Data entries
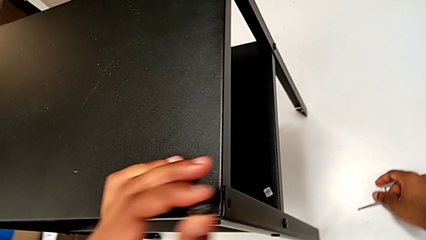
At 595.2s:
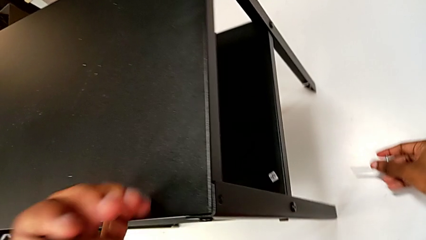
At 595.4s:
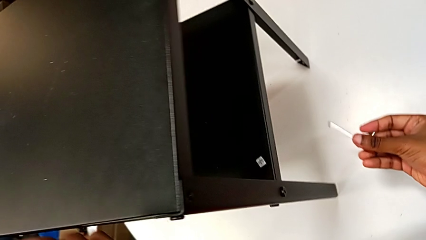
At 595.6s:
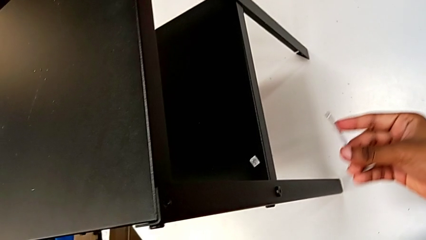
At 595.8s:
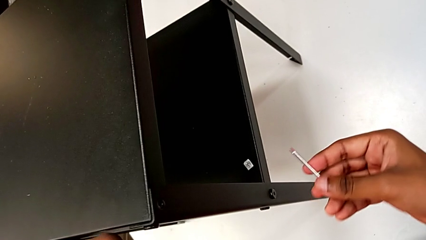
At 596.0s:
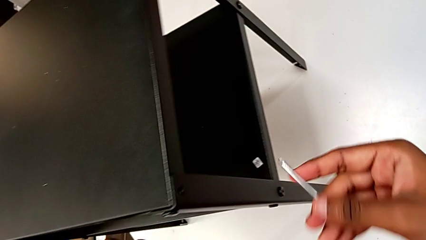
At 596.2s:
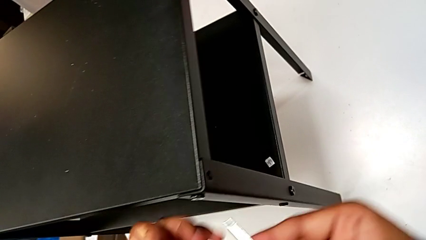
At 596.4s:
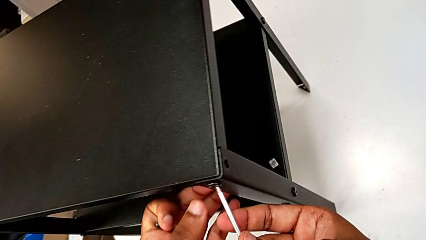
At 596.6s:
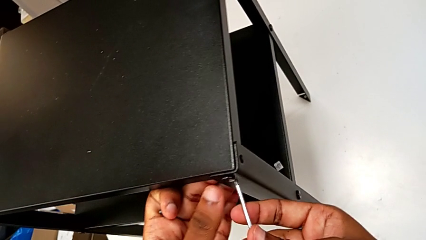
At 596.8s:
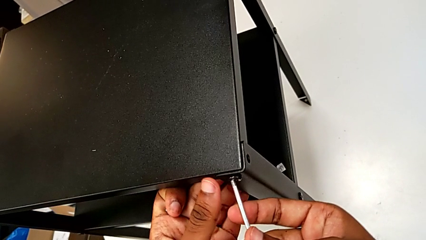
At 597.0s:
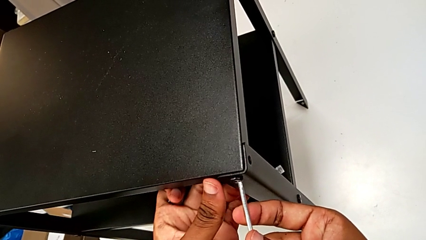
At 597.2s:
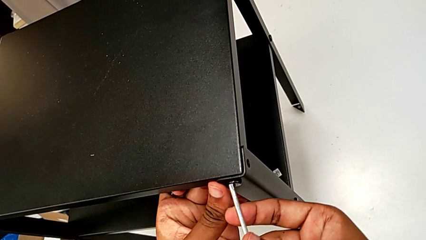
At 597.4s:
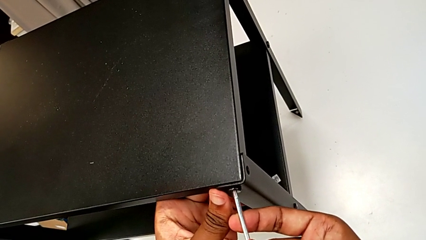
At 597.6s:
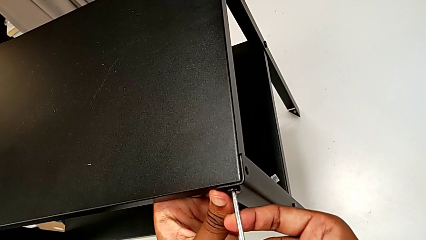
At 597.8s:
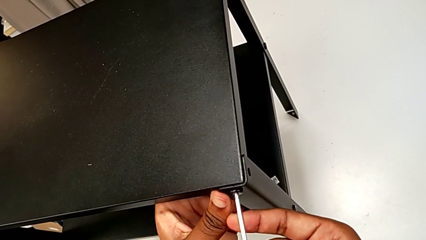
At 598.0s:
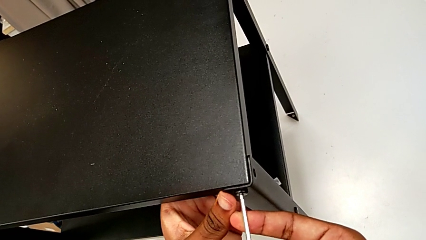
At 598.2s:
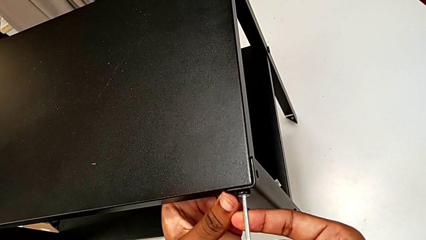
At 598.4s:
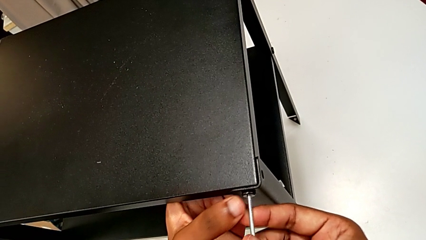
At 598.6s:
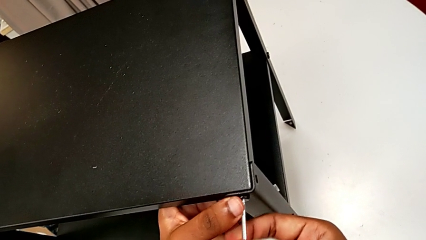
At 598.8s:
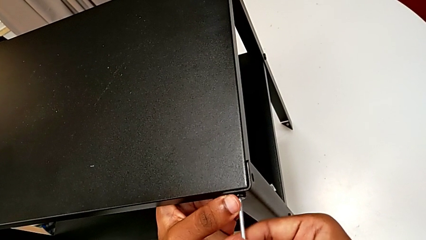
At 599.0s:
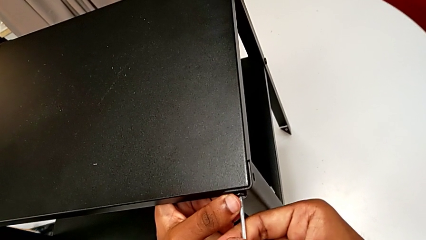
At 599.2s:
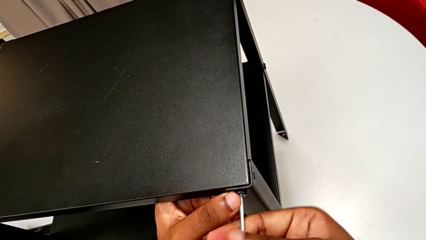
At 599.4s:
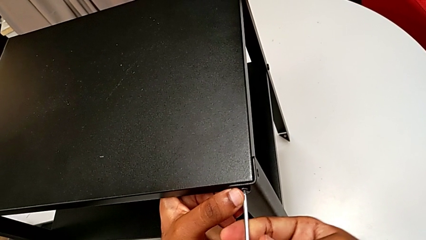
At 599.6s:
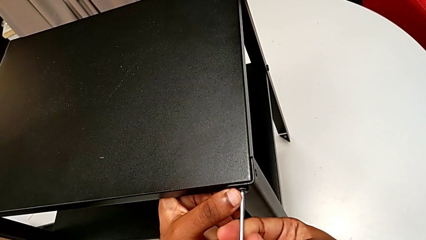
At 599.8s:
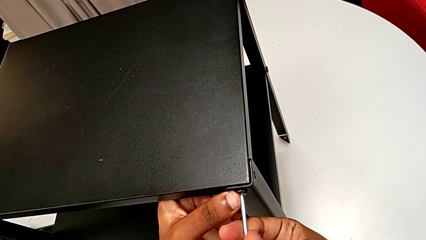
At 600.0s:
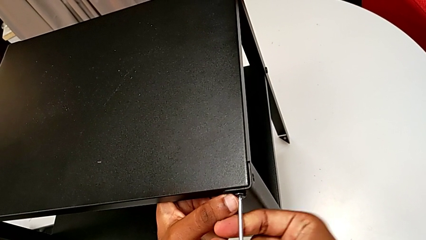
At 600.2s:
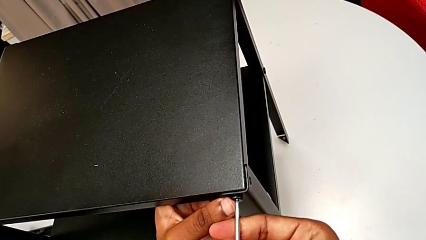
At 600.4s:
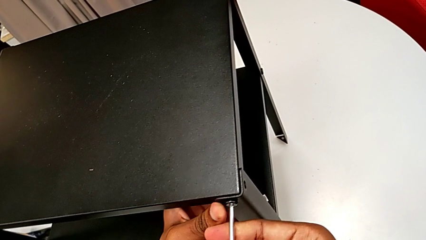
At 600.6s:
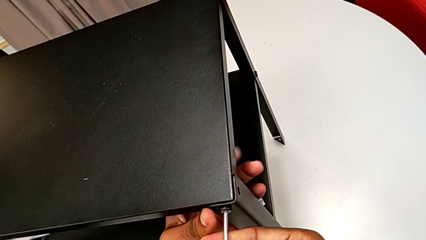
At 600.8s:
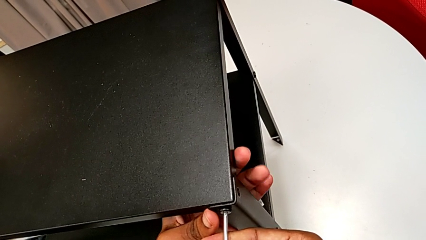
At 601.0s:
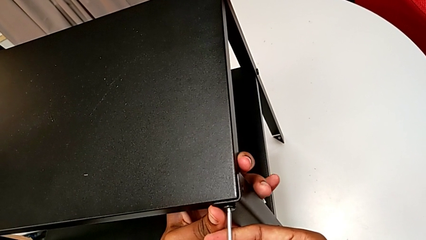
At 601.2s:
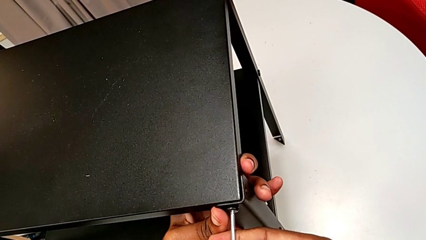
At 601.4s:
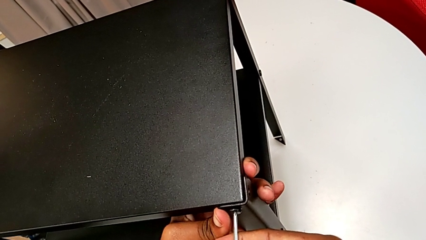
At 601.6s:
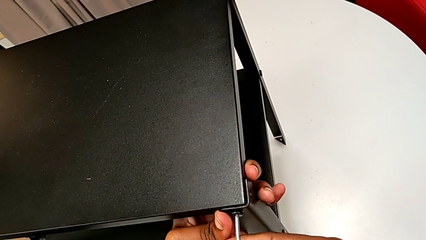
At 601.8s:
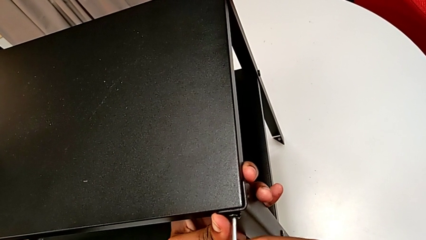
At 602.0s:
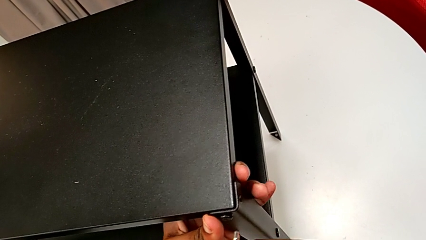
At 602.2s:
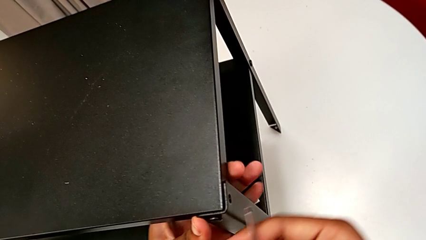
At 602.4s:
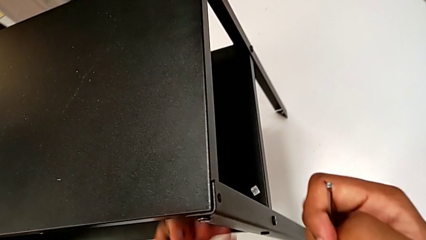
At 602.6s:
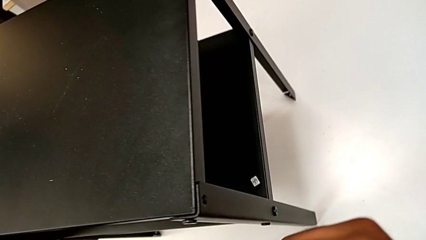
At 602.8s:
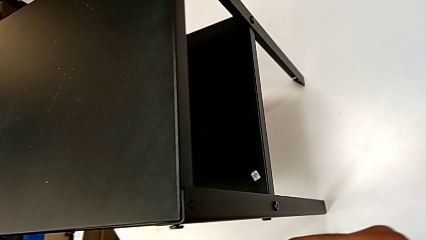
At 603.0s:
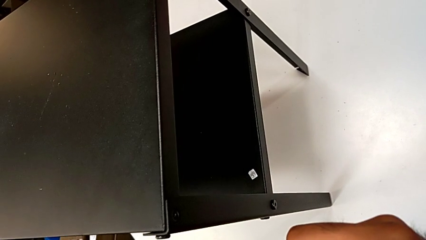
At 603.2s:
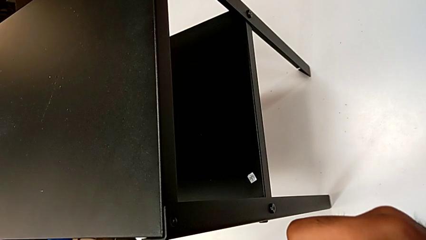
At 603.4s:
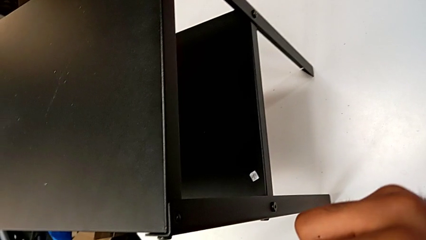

* **Task description**
Set the pictures aside and reproduce the data above exactly.

* **The answer**
At 595.2s:
At 595.4s:
At 595.6s:
At 595.8s:
At 596.0s:
At 596.2s:
At 596.4s:
At 596.6s:
At 596.8s:
At 597.0s:
At 597.2s:
At 597.4s:
At 597.6s:
At 597.8s:
At 598.0s:
At 598.2s:
At 598.4s:
At 598.6s:
At 598.8s:
At 599.0s:
At 599.2s:
At 599.4s:
At 599.6s:
At 599.8s:
At 600.0s:
At 600.2s:
At 600.4s:
At 600.6s:
At 600.8s:
At 601.0s:
At 601.2s:
At 601.4s:
At 601.6s:
At 601.8s:
At 602.0s:
At 602.2s:
At 602.4s:
At 602.6s:
At 602.8s:
At 603.0s:
At 603.2s:
At 603.4s:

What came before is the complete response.